■ ASSIGNMENT: Keep the pictures out of the copy and print all the entries below exactly.

■ TASK INPUTS:
☆ ☆ ☆
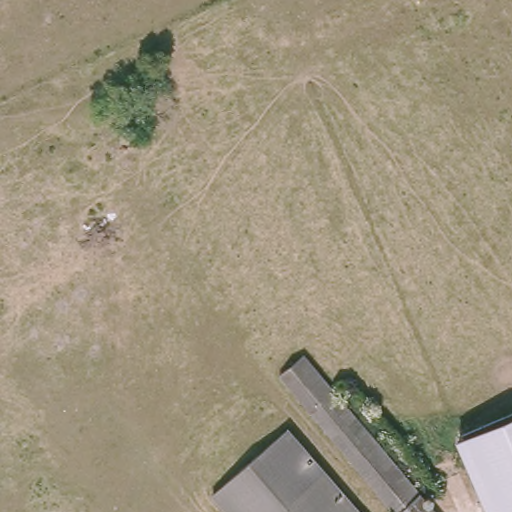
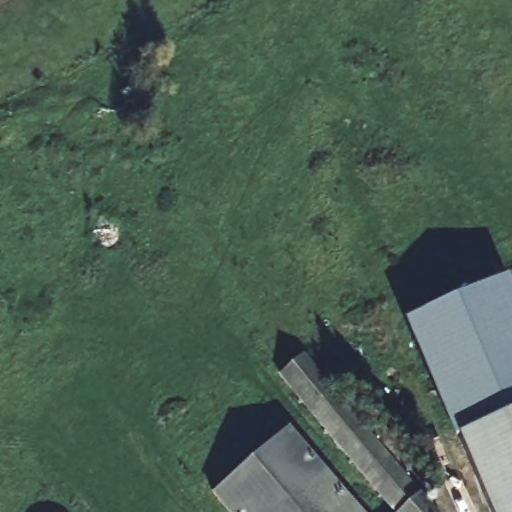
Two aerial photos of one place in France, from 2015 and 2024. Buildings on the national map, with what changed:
new [(456,439),(404,321),(507,277),(512,288),(512,415),(459,438),(456,439)]
unchanged [(312,345),(451,512),(391,512),(277,372),(312,345)]
unchanged [(512,415),(512,512),(490,512),(459,438),(512,415)]
unchanged [(289,422),(367,512),(225,512),(208,493),(289,422)]

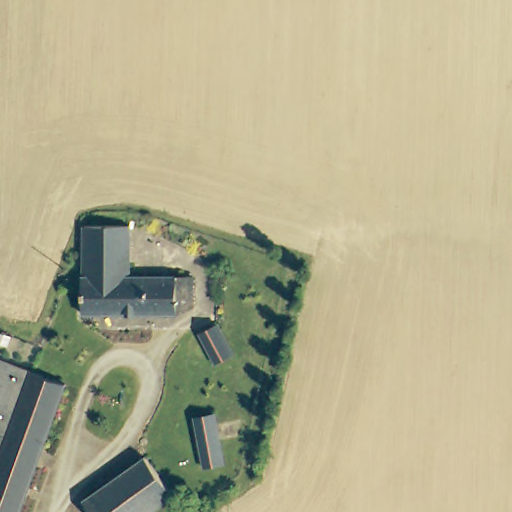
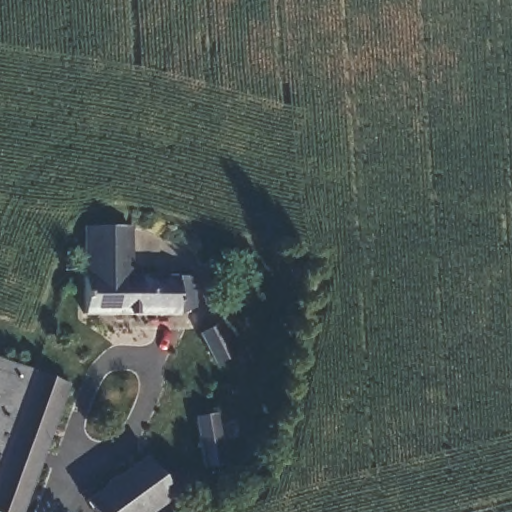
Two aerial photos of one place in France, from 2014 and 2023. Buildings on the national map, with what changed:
unchanged [(85,276),(85,225),(127,225),(127,276),(85,276)]
unchanged [(183,311),(81,312),(82,276),(85,276),(127,276),(170,277),(190,277),(191,307),(183,311)]
unchanged [(195,334),(214,326),(229,357),(212,365),(195,334)]
unchanged [(64,384),(18,512),(0,506),(0,361),(32,372),(64,384)]
unchanged [(204,464),(194,415),(212,411),(222,461),(204,464)]
unchanged [(143,512),(99,512),(86,495),(146,454),(171,491),(143,512)]

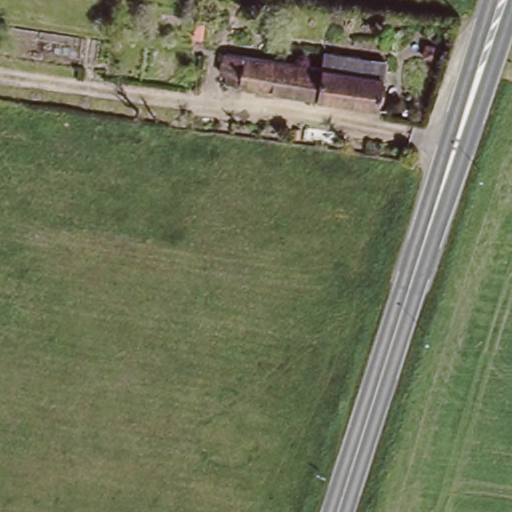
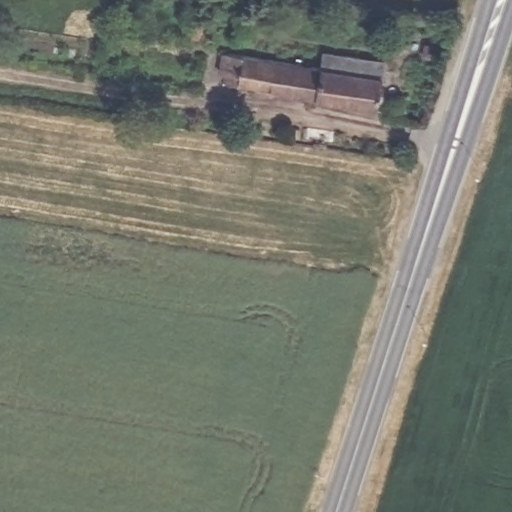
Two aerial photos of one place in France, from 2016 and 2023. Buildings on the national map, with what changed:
unchanged [(385,105),(233,79),(235,69),(227,68),(230,50),(240,51),(241,38),(242,35),(270,39),(269,44),(267,56),(390,74),(385,105)]

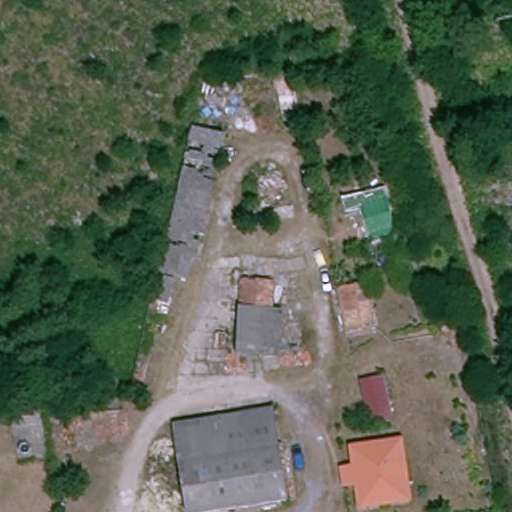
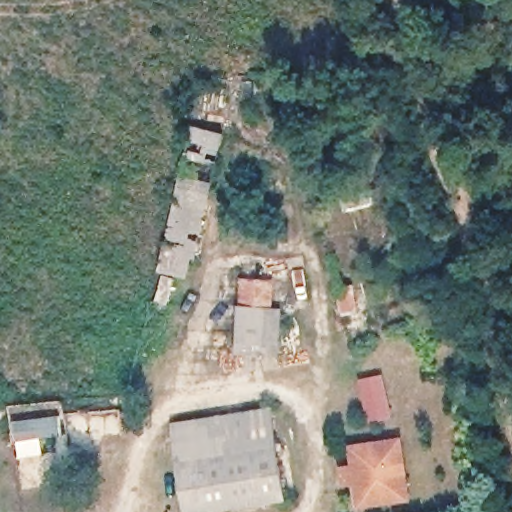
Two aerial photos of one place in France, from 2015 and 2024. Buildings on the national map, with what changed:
unchanged [(191,262),(190,276),(152,268),(184,127),(221,135),(198,262),(191,262)]
unchanged [(234,354),(240,277),(275,283),(271,310),(285,311),(280,359),(234,354)]
unchanged [(344,335),(336,289),(367,285),(379,331),(344,335)]
unchanged [(375,376),(378,392),(392,389),(401,423),(372,430),(361,382),(375,376)]
unchanged [(30,445),(16,446),(14,415),(27,413),(30,445)]
unchanged [(166,428),(274,414),(280,451),(171,466),(166,428)]
unchanged [(357,488),(346,491),(343,469),(353,467),(350,448),(405,440),(415,504),(370,512),(361,512),(357,488)]
unchanged [(285,503),(229,512),(179,512),(171,466),(280,451),(285,503)]
☆ ☆ ☆
■ TASK OUTPUT:
Two aerial photos of one place in France, from 2015 and 2024. Buildings on the national map, with what changed:
new [(456,439),(404,321),(507,277),(512,288),(512,415),(459,438),(456,439)]
unchanged [(312,345),(451,512),(391,512),(277,372),(312,345)]
unchanged [(512,415),(512,512),(490,512),(459,438),(512,415)]
unchanged [(289,422),(367,512),(225,512),(208,493),(289,422)]

Two aerial photos of one place in France, from 2014 and 2023. Buildings on the national map, with what changed:
unchanged [(85,276),(85,225),(127,225),(127,276),(85,276)]
unchanged [(183,311),(81,312),(82,276),(85,276),(127,276),(170,277),(190,277),(191,307),(183,311)]
unchanged [(195,334),(214,326),(229,357),(212,365),(195,334)]
unchanged [(64,384),(18,512),(0,506),(0,361),(32,372),(64,384)]
unchanged [(204,464),(194,415),(212,411),(222,461),(204,464)]
unchanged [(143,512),(99,512),(86,495),(146,454),(171,491),(143,512)]

Two aerial photos of one place in France, from 2016 and 2023. Buildings on the national map, with what changed:
unchanged [(385,105),(233,79),(235,69),(227,68),(230,50),(240,51),(241,38),(242,35),(270,39),(269,44),(267,56),(390,74),(385,105)]

Two aerial photos of one place in France, from 2015 and 2024. Buildings on the national map, with what changed:
unchanged [(191,262),(190,276),(152,268),(184,127),(221,135),(198,262),(191,262)]
unchanged [(234,354),(240,277),(275,283),(271,310),(285,311),(280,359),(234,354)]
unchanged [(344,335),(336,289),(367,285),(379,331),(344,335)]
unchanged [(375,376),(378,392),(392,389),(401,423),(372,430),(361,382),(375,376)]
unchanged [(30,445),(16,446),(14,415),(27,413),(30,445)]
unchanged [(166,428),(274,414),(280,451),(171,466),(166,428)]
unchanged [(357,488),(346,491),(343,469),(353,467),(350,448),(405,440),(415,504),(370,512),(361,512),(357,488)]
unchanged [(285,503),(229,512),(179,512),(171,466),(280,451),(285,503)]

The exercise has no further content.